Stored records
________
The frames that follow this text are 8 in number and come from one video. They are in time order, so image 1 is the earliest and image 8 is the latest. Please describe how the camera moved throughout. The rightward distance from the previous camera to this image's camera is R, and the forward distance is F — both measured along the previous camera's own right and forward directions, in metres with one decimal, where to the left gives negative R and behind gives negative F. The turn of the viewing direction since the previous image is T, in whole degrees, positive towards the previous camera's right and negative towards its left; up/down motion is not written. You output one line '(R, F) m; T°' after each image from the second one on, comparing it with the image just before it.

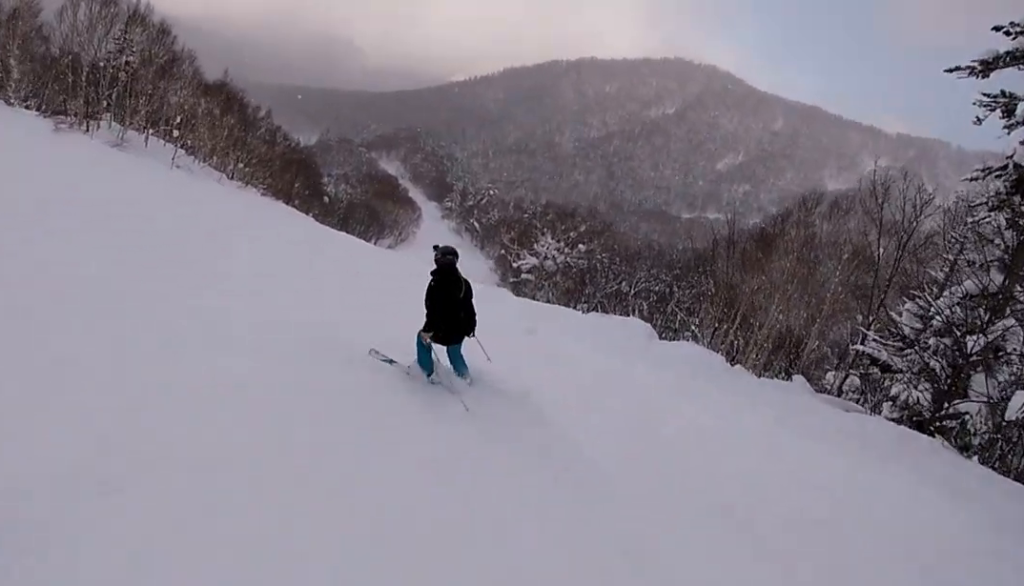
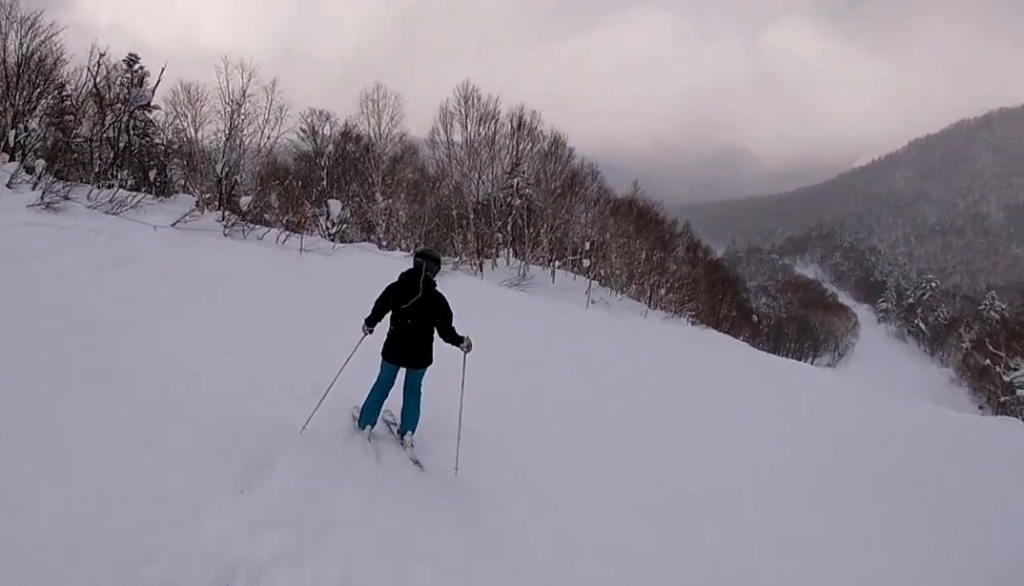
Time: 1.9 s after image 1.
(-3.0, +8.9) m; -27°
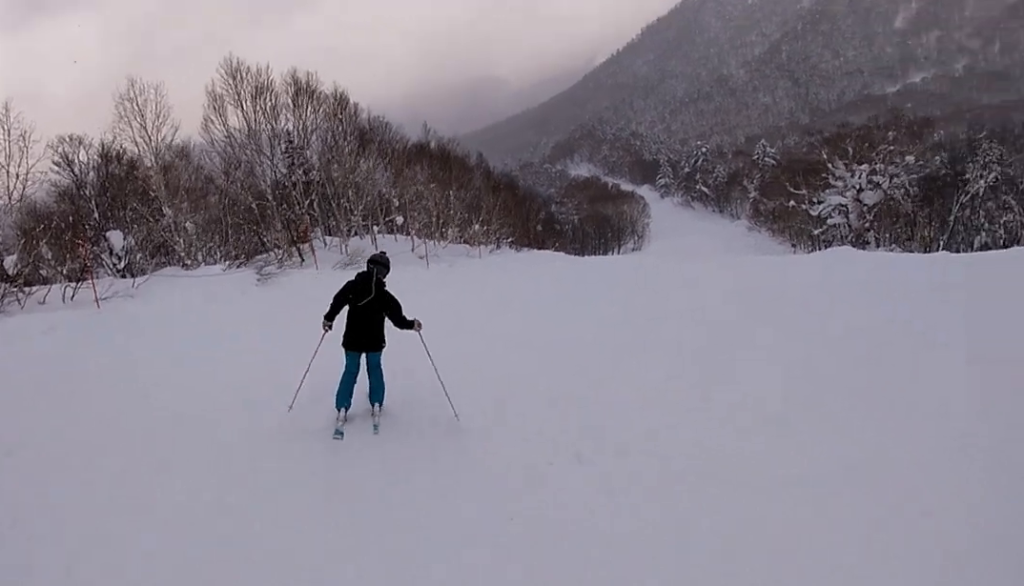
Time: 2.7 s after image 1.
(-1.3, +4.1) m; +14°
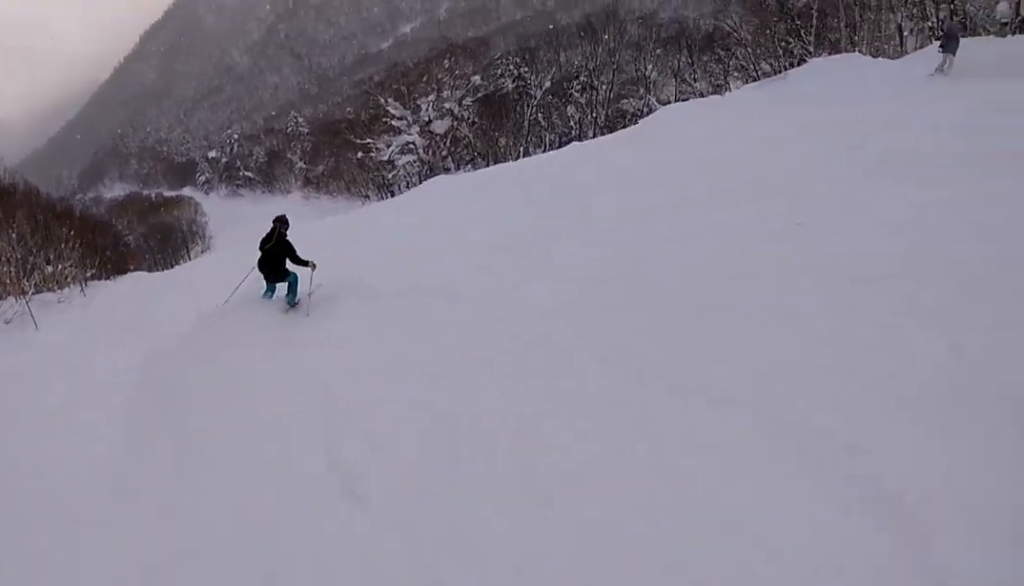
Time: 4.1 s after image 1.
(+4.5, +5.6) m; +58°
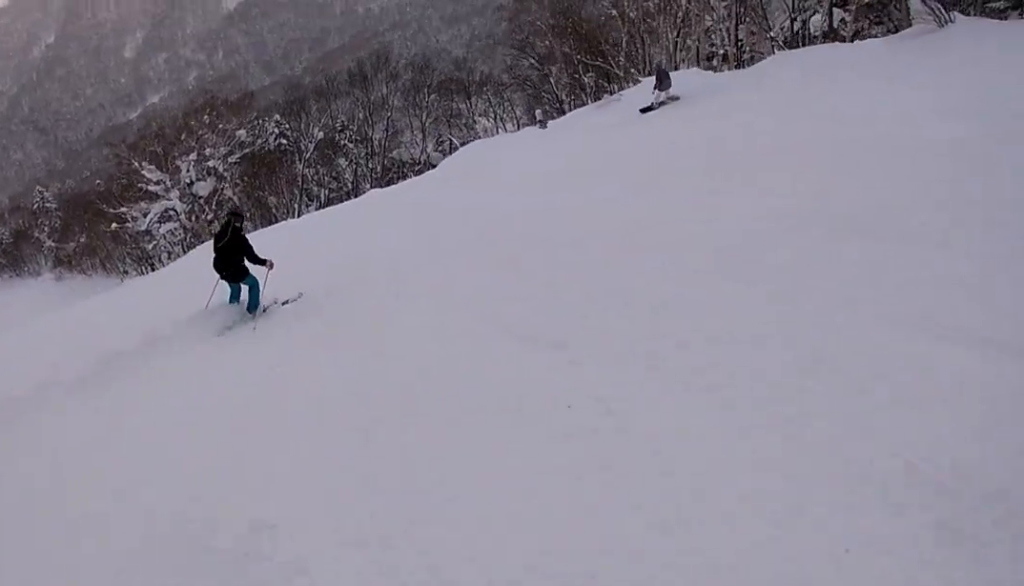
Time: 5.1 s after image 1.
(+1.0, +5.1) m; +23°
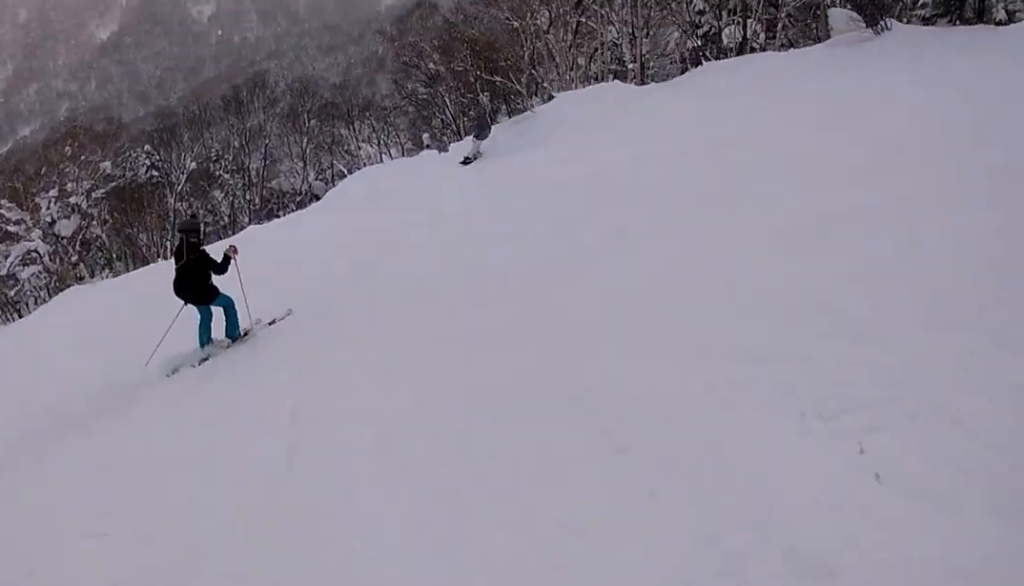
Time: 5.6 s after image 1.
(+0.3, +2.9) m; +13°
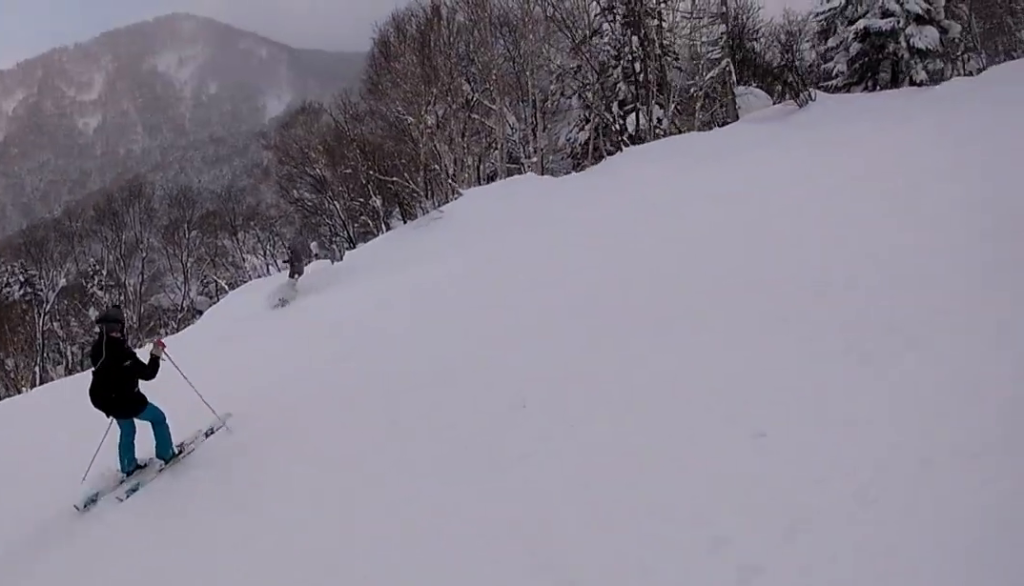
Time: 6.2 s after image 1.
(+0.4, +2.6) m; +9°
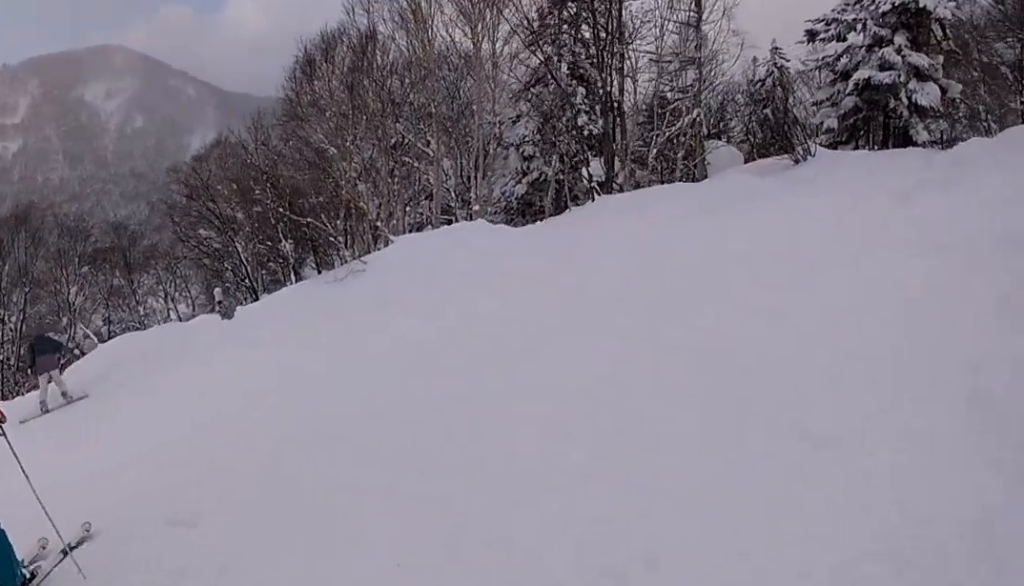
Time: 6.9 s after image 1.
(+0.3, +3.4) m; +6°
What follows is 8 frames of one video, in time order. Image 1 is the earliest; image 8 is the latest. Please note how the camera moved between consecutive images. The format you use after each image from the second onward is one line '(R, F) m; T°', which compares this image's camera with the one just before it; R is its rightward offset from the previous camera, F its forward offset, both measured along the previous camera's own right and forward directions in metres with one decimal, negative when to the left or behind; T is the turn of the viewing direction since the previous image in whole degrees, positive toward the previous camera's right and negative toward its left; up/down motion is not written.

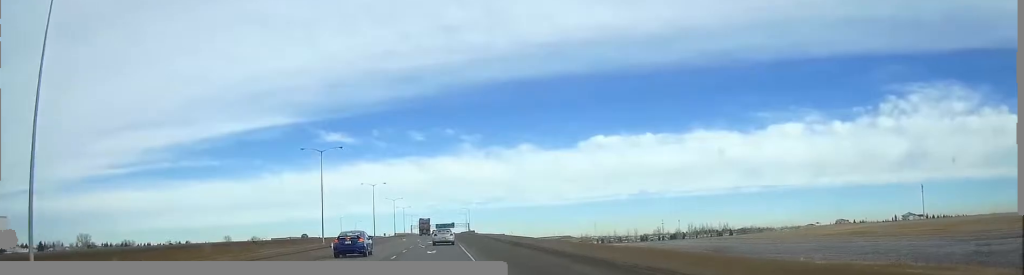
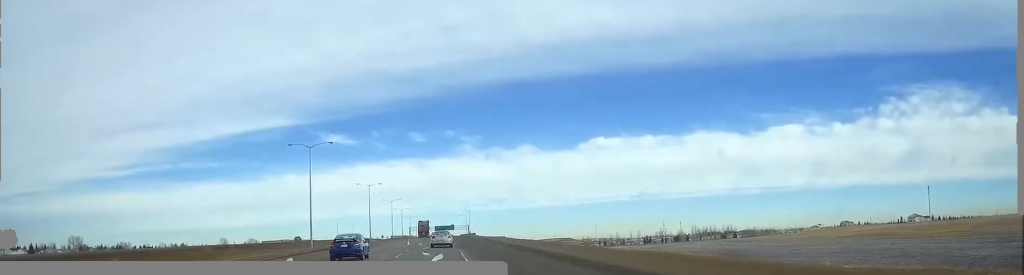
(0.0, +11.8) m; 0°
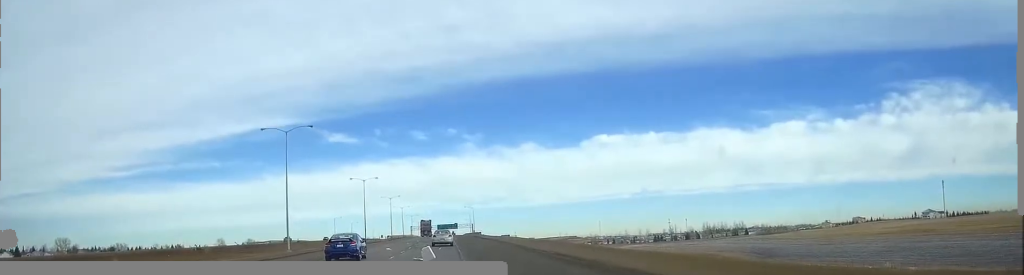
(0.0, +21.6) m; 0°
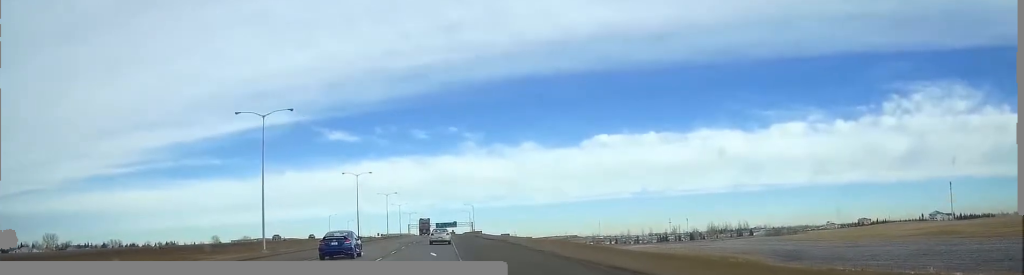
(+0.1, +14.3) m; 0°
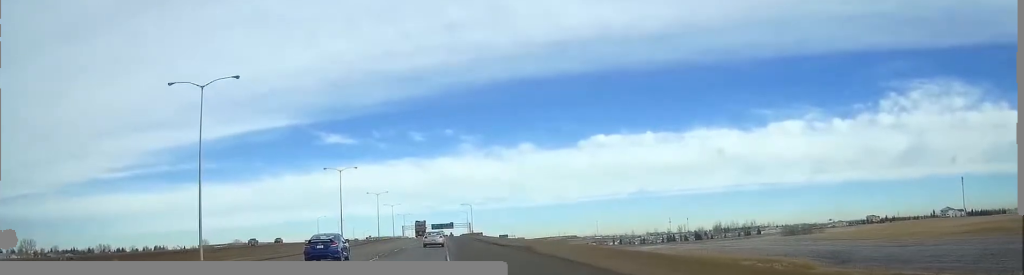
(-0.1, +24.8) m; 0°
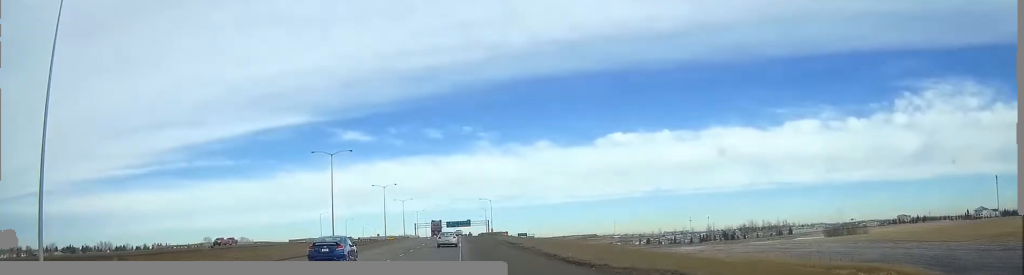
(0.0, +35.2) m; -1°
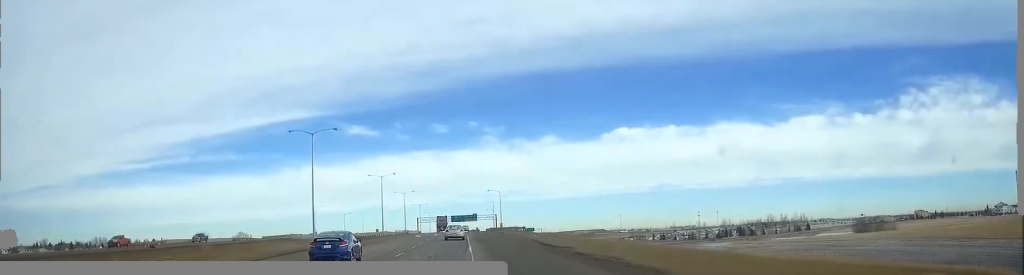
(-0.3, +25.5) m; -1°
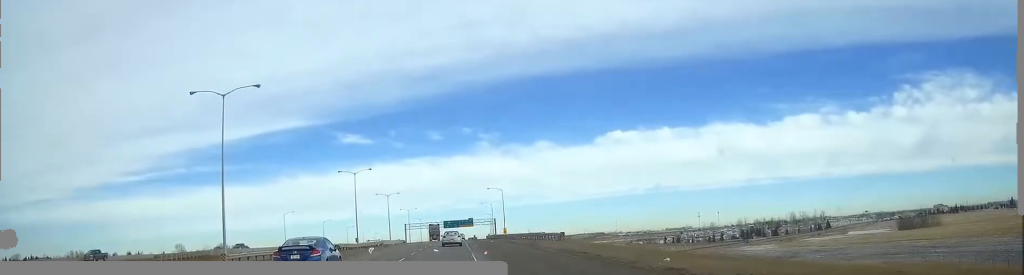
(-0.2, +44.8) m; 0°
________
Type the entries again verbatim. Any pictures should be skipped.

The frames that follow this text are 8 in number and come from one video. They are in time order, so image 1 is the earliest and image 8 is the latest. Please describe how the camera moved throughout. The rightward distance from the previous camera to this image's camera is R, and the forward distance is F — both measured along the previous camera's own right and forward directions, in metres with one decimal, where to the left gives negative R and behind gives negative F. The turn of the viewing direction since the previous image is T, in whole degrees, positive towards the previous camera's right and negative towards its left; up/down motion is not written. You output one line '(R, F) m; T°' after each image from the second one on, comparing it with the image just before it.

Time: 1.9 s after image 1.
(-3.0, +8.9) m; -27°
Time: 2.7 s after image 1.
(-1.3, +4.1) m; +14°
Time: 4.1 s after image 1.
(+4.5, +5.6) m; +58°
Time: 5.1 s after image 1.
(+1.0, +5.1) m; +23°
Time: 5.6 s after image 1.
(+0.3, +2.9) m; +13°
Time: 6.2 s after image 1.
(+0.4, +2.6) m; +9°
Time: 6.9 s after image 1.
(+0.3, +3.4) m; +6°
What follows is 8 frames of one video, in time order. Image 1 is the earliest; image 8 is the latest. Please note how the camera moved between consecutive images. The format you use after each image from the second onward is one line '(R, F) m; T°', which compares this image's camera with the one just before it; R is its rightward offset from the previous camera, F its forward offset, both measured along the previous camera's own right and forward directions in metres with one decimal, negative when to the left or behind; T is the turn of the viewing direction since the previous image in whole degrees, positive toward the previous camera's right and negative toward its left; up/down motion is not written.

(0.0, +11.8) m; 0°
(0.0, +21.6) m; 0°
(+0.1, +14.3) m; 0°
(-0.1, +24.8) m; 0°
(0.0, +35.2) m; -1°
(-0.3, +25.5) m; -1°
(-0.2, +44.8) m; 0°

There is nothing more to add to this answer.